I don't need rendering the webpage at all, just opening local files, reading them and closing them (in batch). How would you guys tackle this?

I first thought using the webkit somehing like:

QWebPage page;
QWebFrame * frame = page.mainFrame();
QUrl fileUrl("localFile.html");
frame->setUrl(fileUrl);
QWebElement document = frame->documentElement();
QWebElementCollection elements = document.findAll("div");
foreach (QWebElement element, elements){
std::cout << element.attribute("style").toStdString() << std::endl;
}
That didn't work... Why?

Can I work with html files like legal xml? In that case, getting the attributes from the styles is going to be somewhat annoying, knowing all the styles are declared in the "head"...
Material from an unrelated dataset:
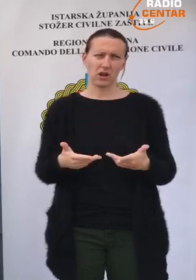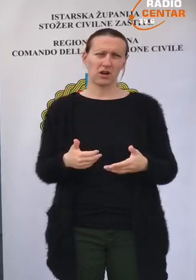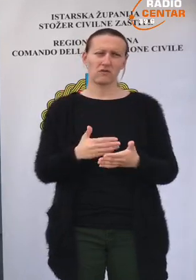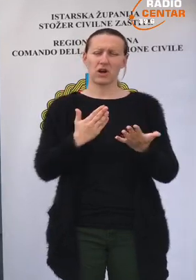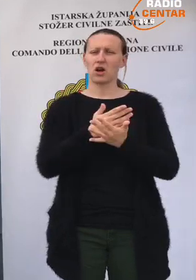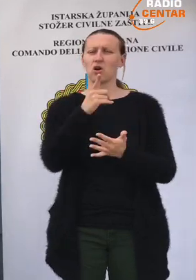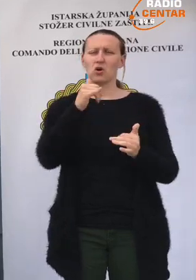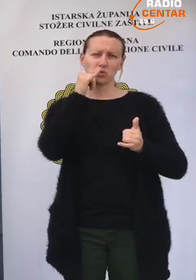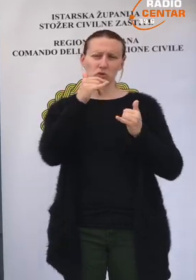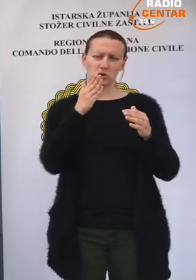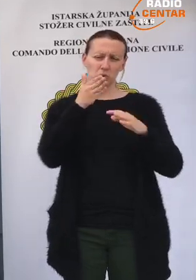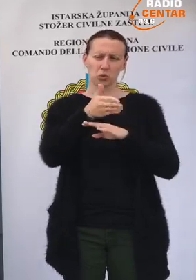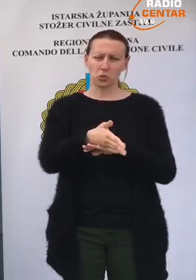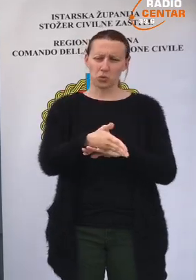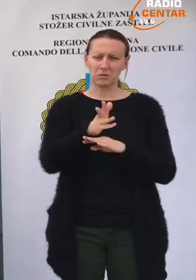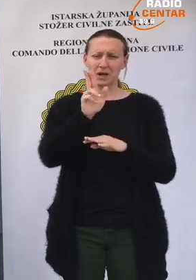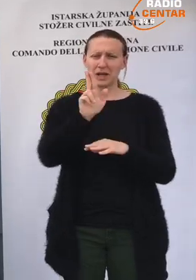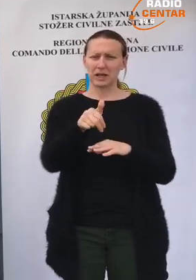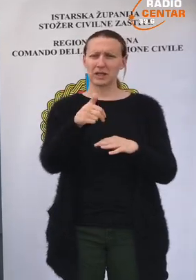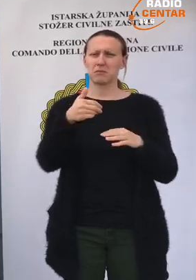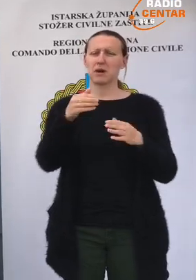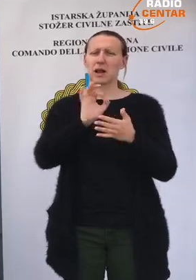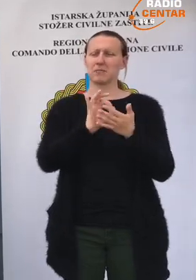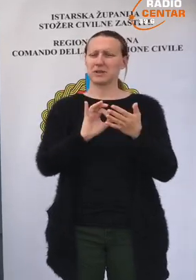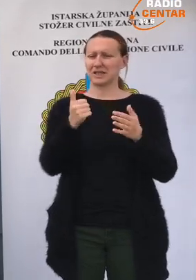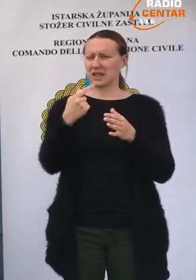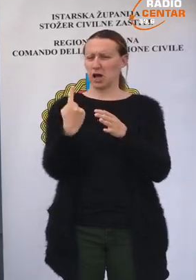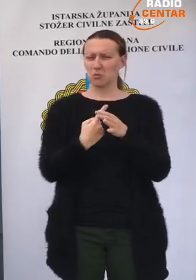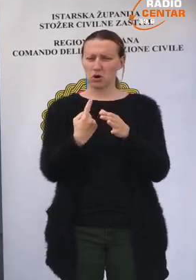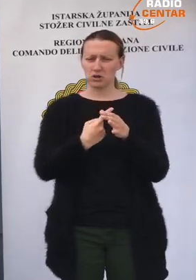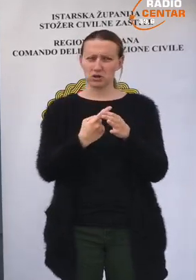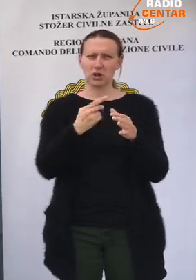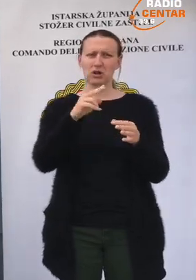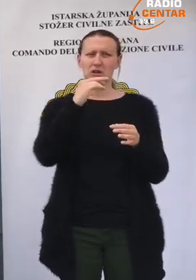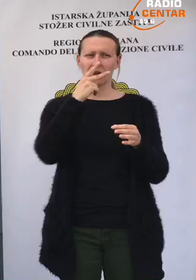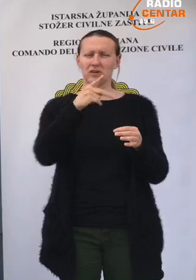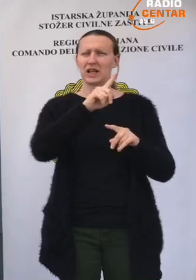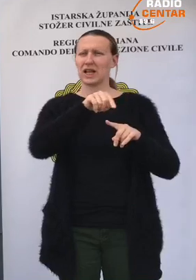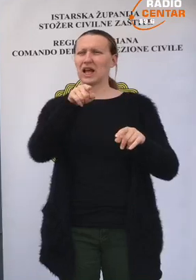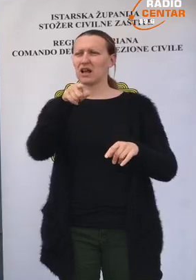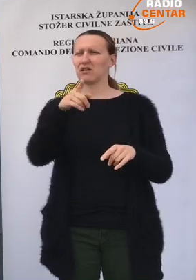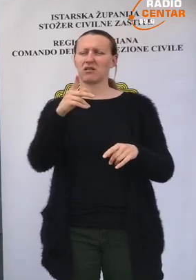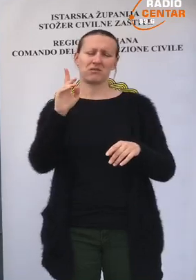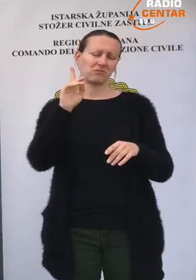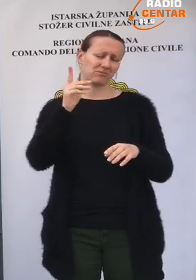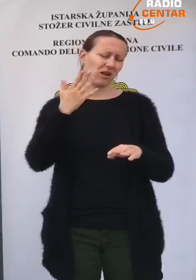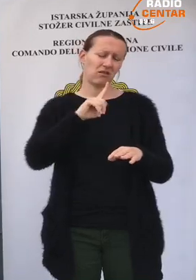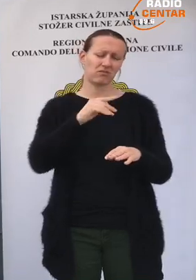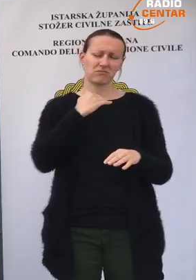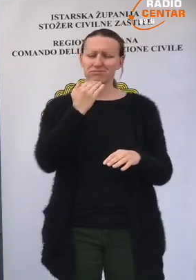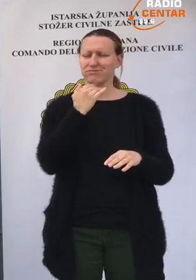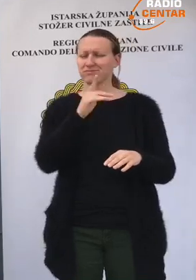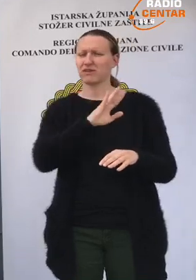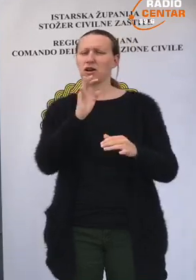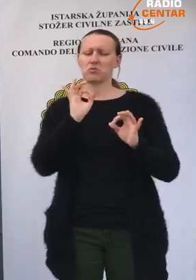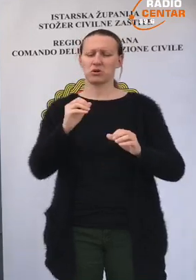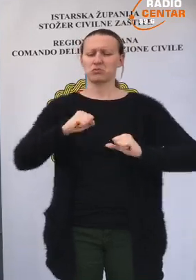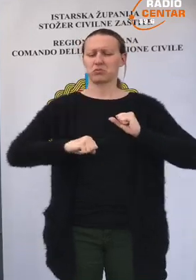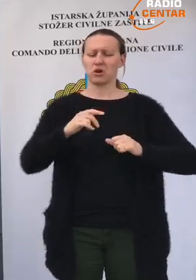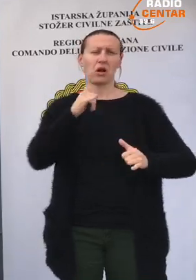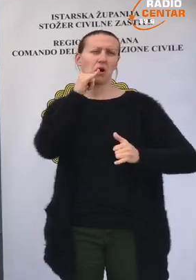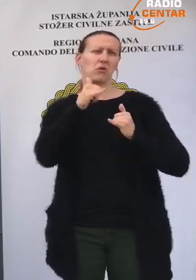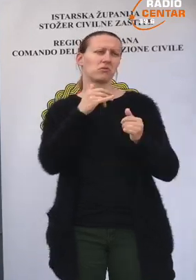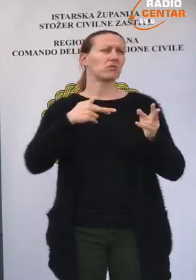Iako turisti uđu pa imaju u propisanu mjeru samoizolacije, očito se neki toga ne predržavaju, nego se baš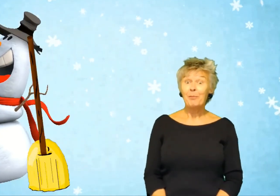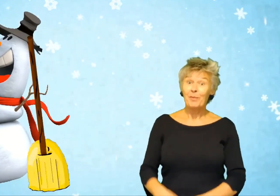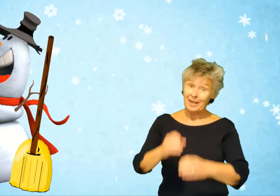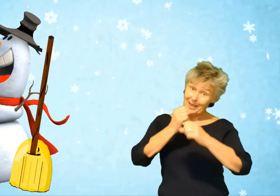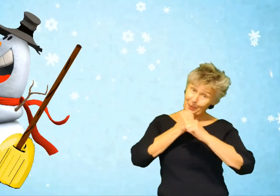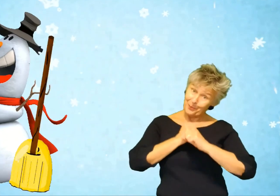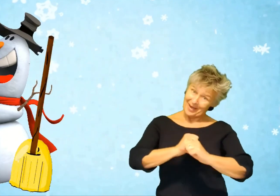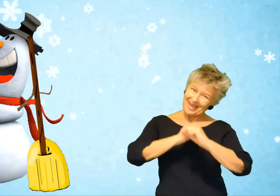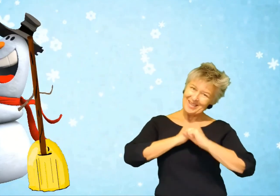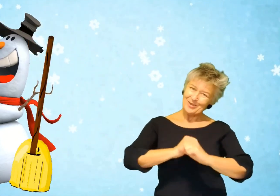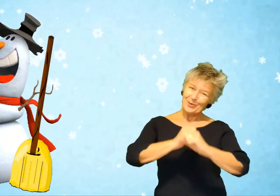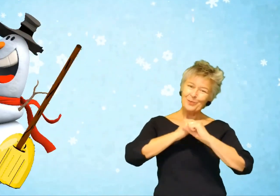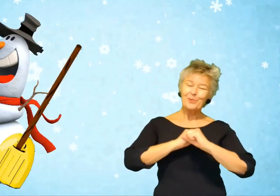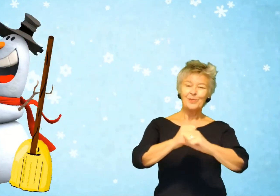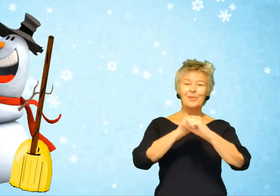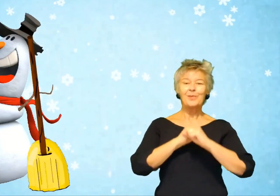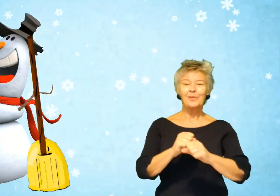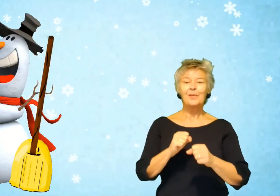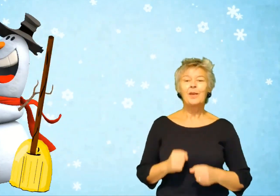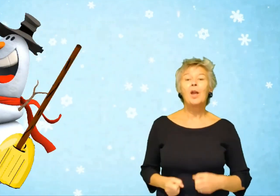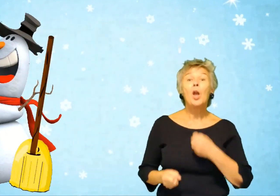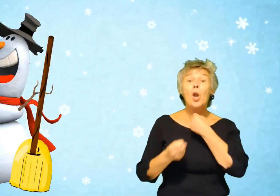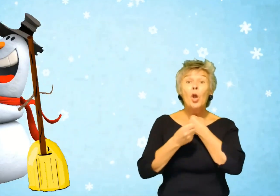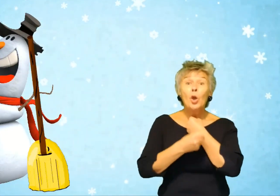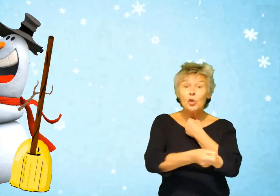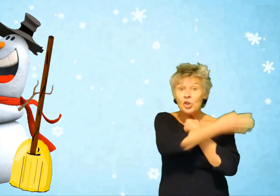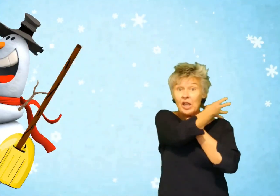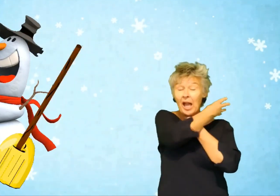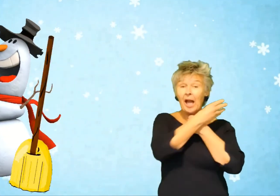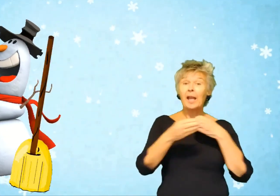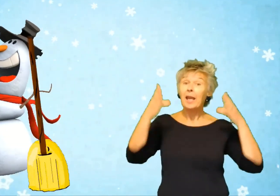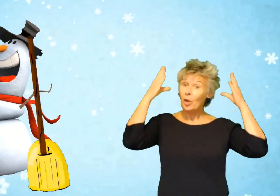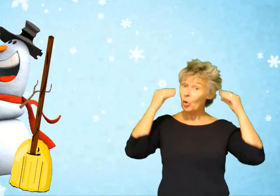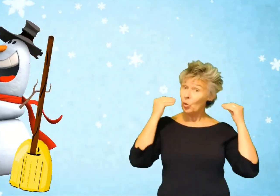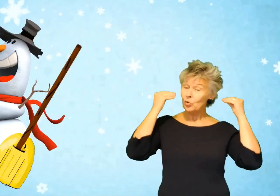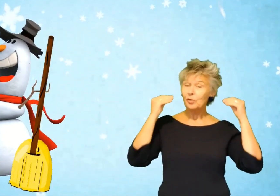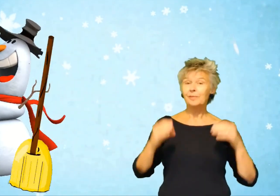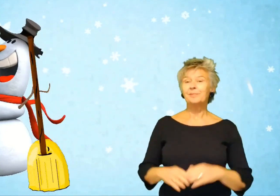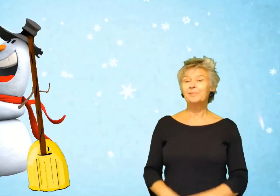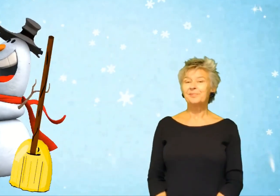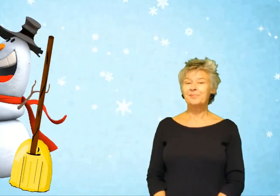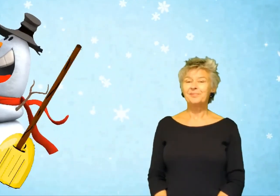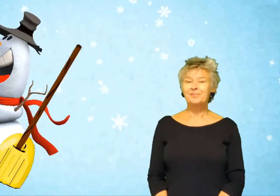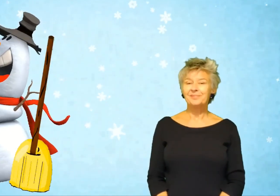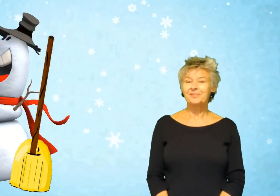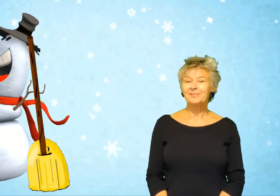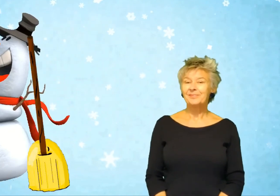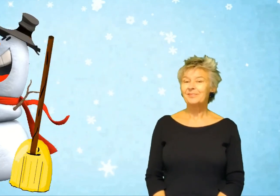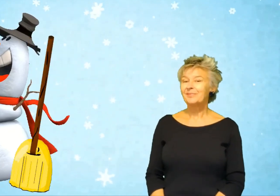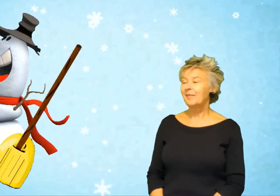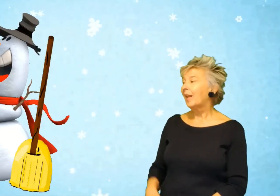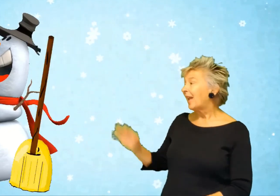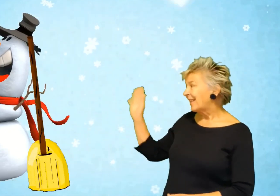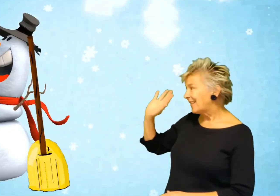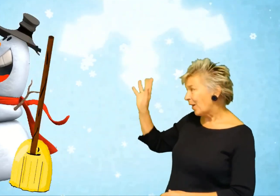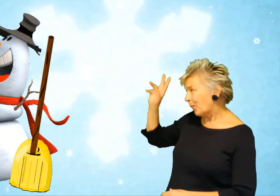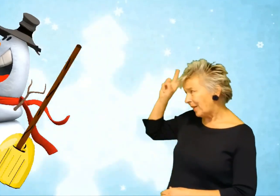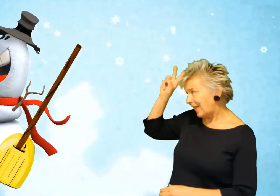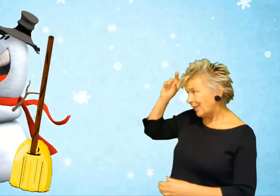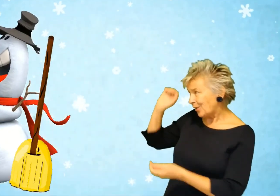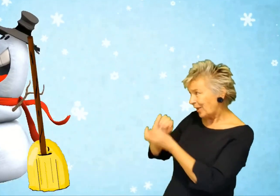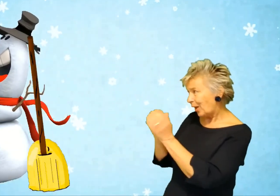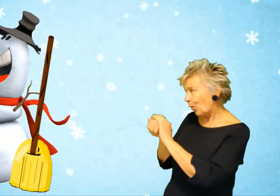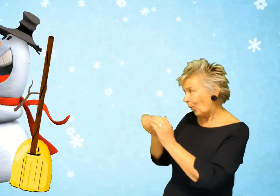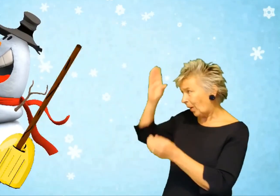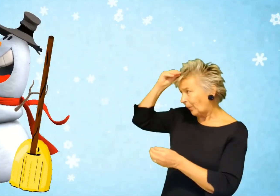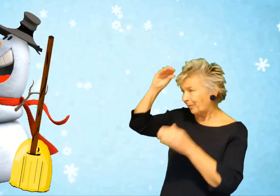Ik heb hier een bezem. Een sjaal en een hoed. Hey, dag,

Any ideas, what Qclasses can be helpful here?

numbat
10th June 2010, 19:11
This will get you everything. That may not be what you want. I'm not sure of a way of getting only author specified styles.


#include <QtWebKit>
#include <QApplication>
#include <QtCore>
int main(int argc, char * argv[])
{
QApplication a(argc, argv);

QWebPage page;
QWebFrame * frame = page.mainFrame();
frame->setHtml("<html><head><style>div { color:blue; }</style><body><div style=\"font-size:120%;\">Hello World!</div></body></html>");
QWebElement document = frame->documentElement();
QWebElementCollection elements = document.findAll("div");
foreach (QWebElement element, elements)
{
QString style = element.evaluateJavaScript("getComputedStyle(this).cssText").toString();
QStringList styles = style.split(';');
foreach(QString pair, styles)
{
QStringList keyvalue = pair.split(':');

if (keyvalue.length() == 2)
qDebug() << keyvalue.at(0).trimmed() << " = " << keyvalue.at(1).trimmed();
}
}
}

toglia3d
10th June 2010, 20:08
Thanks numbat. I will check it out when I get home. Seems like your doing everything I need.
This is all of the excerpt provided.